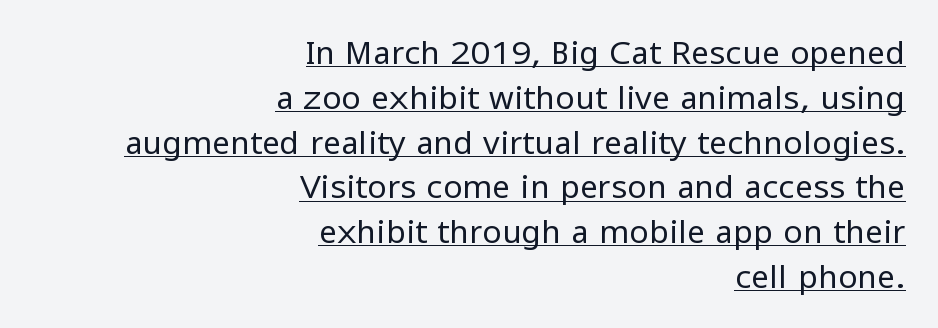
The image shows 32 px regular-weight sans-serif type, upright; set right-aligned, normal line spacing (1.4x), normal letter spacing, underlined; low stroke contrast and a medium x-height.
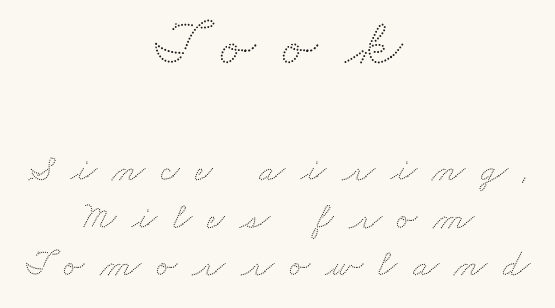
{"width": "wide", "stroke_contrast": "low", "x_height": "small", "monospaced": "no", "underline": "no", "align": "center", "line_spacing": "normal", "line_spacing_ratio": 1.25, "letter_spacing": "wide", "letter_spacing_em": 0.41, "larger_block": "first", "size_ratio": 1.74, "glyph_px": 66}
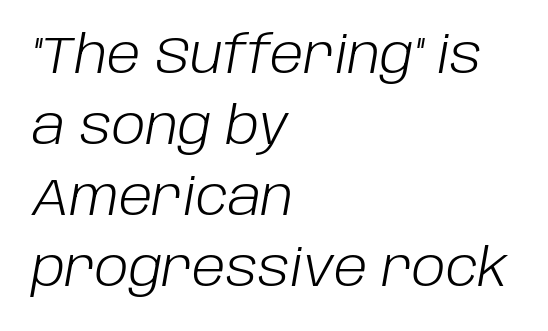
{"italic": "yes", "lean": "right", "slant_degrees": 10, "bold": "no", "weight": "light", "width": "normal", "stroke_contrast": "low", "x_height": "large", "monospaced": "no", "underline": "no", "align": "left", "line_spacing": "normal", "line_spacing_ratio": 1.39, "letter_spacing": "normal", "letter_spacing_em": 0.0, "glyph_px": 51}
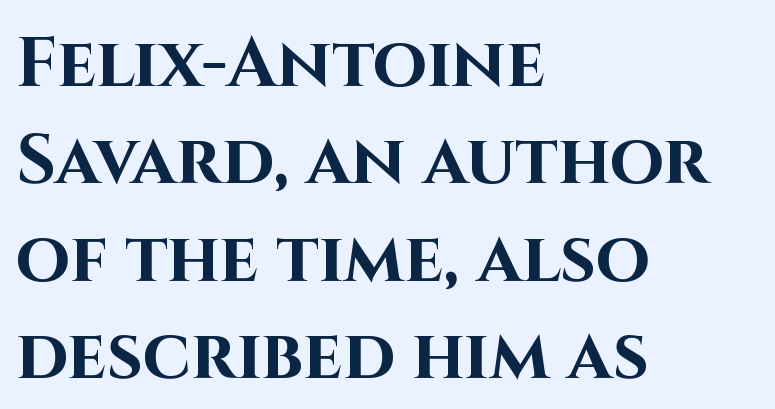
The image shows 70 px bold sans-serif type, upright; set left-aligned, normal line spacing (1.39x), normal letter spacing, not underlined; high stroke contrast and a large x-height.
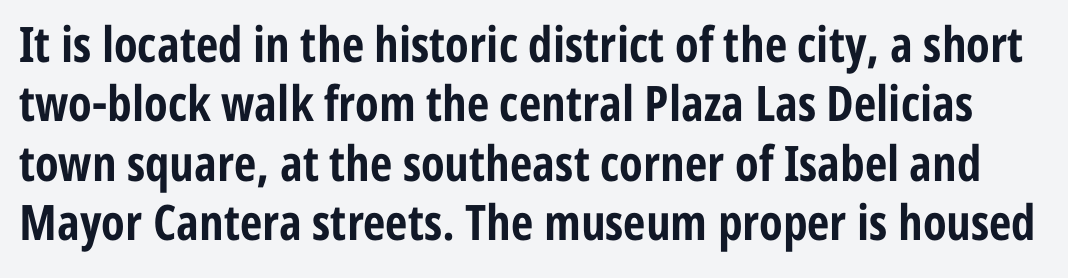
Q: Is the text bold? A: Yes.
Q: Is the text italic (slanted)? A: No, it is upright.
Q: Is the typeface a serif or a sans-serif typeface? A: Sans-serif.
Q: Is the text underlined? A: No.
Q: Is the spacing between letters normal or unusually wide? A: Normal.
Q: Width (condensed, normal, or wide)? A: Condensed.
Q: Stroke contrast? A: Low.
Q: x-height? A: Medium.
Q: Monospaced? A: No.
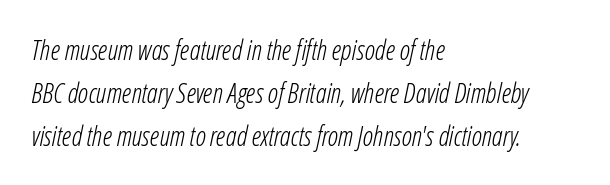
{"italic": "yes", "lean": "right", "slant_degrees": 12, "bold": "no", "underline": "no", "align": "left", "line_spacing": "normal", "line_spacing_ratio": 1.59, "letter_spacing": "normal", "letter_spacing_em": 0.0, "glyph_px": 27}

------------

*Task details:* Without copying any picture, repeat the full listing above word for word.

*Result:*
The image shows 32 px regular-weight sans-serif type, upright; set right-aligned, normal line spacing (1.4x), normal letter spacing, underlined; low stroke contrast and a medium x-height.
{"width": "wide", "stroke_contrast": "low", "x_height": "small", "monospaced": "no", "underline": "no", "align": "center", "line_spacing": "normal", "line_spacing_ratio": 1.25, "letter_spacing": "wide", "letter_spacing_em": 0.41, "larger_block": "first", "size_ratio": 1.74, "glyph_px": 66}
{"italic": "yes", "lean": "right", "slant_degrees": 10, "bold": "no", "weight": "light", "width": "normal", "stroke_contrast": "low", "x_height": "large", "monospaced": "no", "underline": "no", "align": "left", "line_spacing": "normal", "line_spacing_ratio": 1.39, "letter_spacing": "normal", "letter_spacing_em": 0.0, "glyph_px": 51}
The image shows 70 px bold sans-serif type, upright; set left-aligned, normal line spacing (1.39x), normal letter spacing, not underlined; high stroke contrast and a large x-height.
Q: Is the text bold? A: Yes.
Q: Is the text italic (slanted)? A: No, it is upright.
Q: Is the typeface a serif or a sans-serif typeface? A: Sans-serif.
Q: Is the text underlined? A: No.
Q: Is the spacing between letters normal or unusually wide? A: Normal.
Q: Width (condensed, normal, or wide)? A: Condensed.
Q: Stroke contrast? A: Low.
Q: x-height? A: Medium.
Q: Monospaced? A: No.
{"italic": "yes", "lean": "right", "slant_degrees": 12, "bold": "no", "underline": "no", "align": "left", "line_spacing": "normal", "line_spacing_ratio": 1.59, "letter_spacing": "normal", "letter_spacing_em": 0.0, "glyph_px": 27}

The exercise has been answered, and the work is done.